Try it
Leave out every line before the one that contains "00:00:53.800". Please restate that line and the rest of the data word for word, through the end.
▶
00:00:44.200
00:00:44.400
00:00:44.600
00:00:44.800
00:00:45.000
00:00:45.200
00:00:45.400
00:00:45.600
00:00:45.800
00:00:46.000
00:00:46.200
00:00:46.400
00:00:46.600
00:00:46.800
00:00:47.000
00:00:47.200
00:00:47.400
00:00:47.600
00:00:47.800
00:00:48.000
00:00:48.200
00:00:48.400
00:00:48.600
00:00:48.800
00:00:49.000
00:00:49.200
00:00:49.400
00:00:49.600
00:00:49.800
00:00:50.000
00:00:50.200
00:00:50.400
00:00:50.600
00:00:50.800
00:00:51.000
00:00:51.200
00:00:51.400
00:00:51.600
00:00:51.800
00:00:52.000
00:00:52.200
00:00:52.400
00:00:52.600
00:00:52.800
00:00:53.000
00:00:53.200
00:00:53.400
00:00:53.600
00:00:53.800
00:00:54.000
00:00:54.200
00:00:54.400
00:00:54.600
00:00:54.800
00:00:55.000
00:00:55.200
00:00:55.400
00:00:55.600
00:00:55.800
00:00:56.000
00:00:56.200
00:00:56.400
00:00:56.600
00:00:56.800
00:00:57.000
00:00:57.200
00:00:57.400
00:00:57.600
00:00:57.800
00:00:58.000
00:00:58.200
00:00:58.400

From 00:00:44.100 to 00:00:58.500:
◀
Task response
00:00:53.800
00:00:54.000
00:00:54.200
00:00:54.400
00:00:54.600
00:00:54.800
00:00:55.000
00:00:55.200
00:00:55.400
00:00:55.600
00:00:55.800
00:00:56.000
00:00:56.200
00:00:56.400
00:00:56.600
00:00:56.800
00:00:57.000
00:00:57.200
00:00:57.400
00:00:57.600
00:00:57.800
00:00:58.000
00:00:58.200
00:00:58.400

From 00:00:44.100 to 00:00:58.500:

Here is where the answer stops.